Acurrucada en mi cama.

Sus hombros se sacudían mientras lloraba sobre mi almohada.

El rímel le manchaba las mejillas y su pelo era un completo desastre.

Ella era un completo desastre.

Era la primera vez que la veía desde el incidente del secuestro.

Esperaba que las lágrimas que derramaba no fueran por eso.

—Evelyn…, ¿qué te pasa?

—pregunté, fingiendo preocupación.

No me respondió; en lugar de eso, levantó la cara y, con dedos temblorosos, se señaló la mejilla.

La marca era evidente; estaba roja y era reciente.

Fruncí el ceño.

—¿Qué te ha pasado?

—Solo intentaba ayudarla, Liam —dijo—.

Solo intentaba ayudar a esa zorra.

—¿Quién?

—Elizabeth.

Fui a verla al hospital.

Empezó a toser muy fuerte y pidió agua.

Ni siquiera lo pensé dos veces, corrí a buscarla.

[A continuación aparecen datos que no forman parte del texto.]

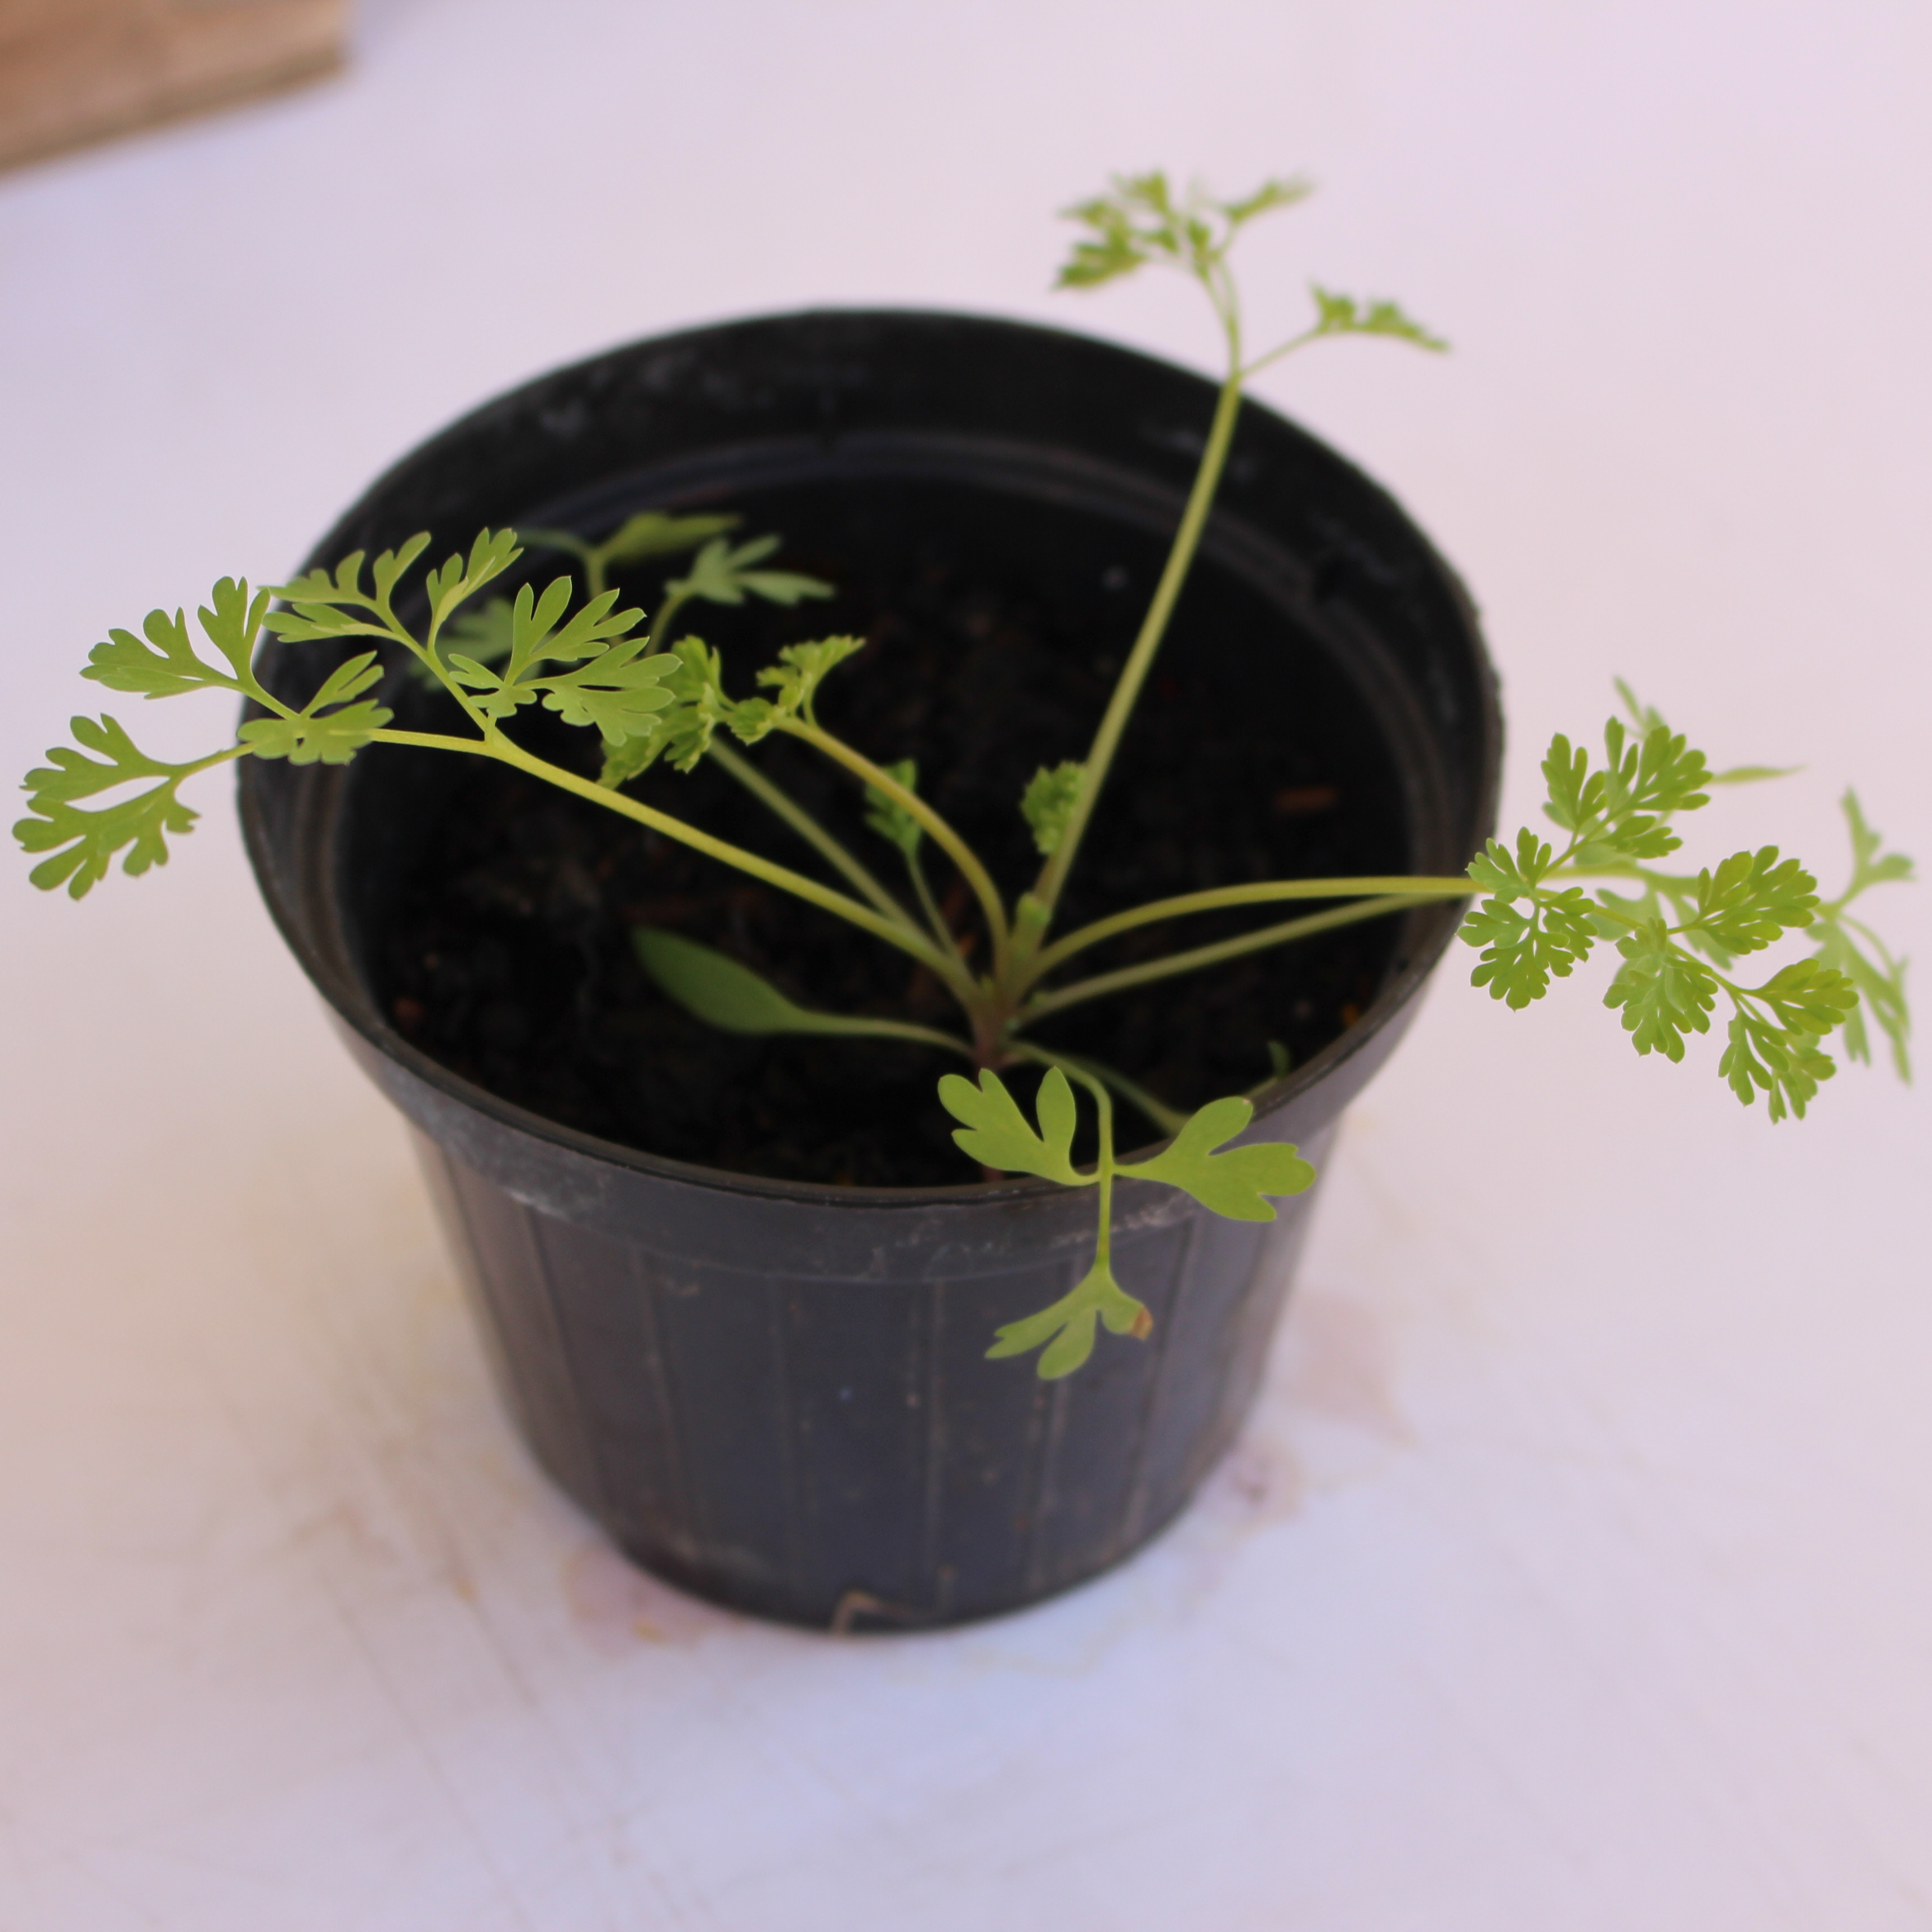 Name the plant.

Cuando volví, se había tirado al suelo y había empezado a llorar, haciendo parecer que la estaba ignorando cuando Padre entró.

Sus ojos ardían de rabia mientras nuevas lágrimas se derramaban.

—¿Sabes lo que hizo?

Ni siquiera preguntó qué había pasado.

La vio en el suelo e inmediatamente pensó lo peor.

Él… él me pegó por ella.

—Señaló con amargura su mejilla hinchada—.

Por esa mujer.

Escupió las palabras con tanto rencor y amargura que me sorprendió.

—Esa zorra falsa.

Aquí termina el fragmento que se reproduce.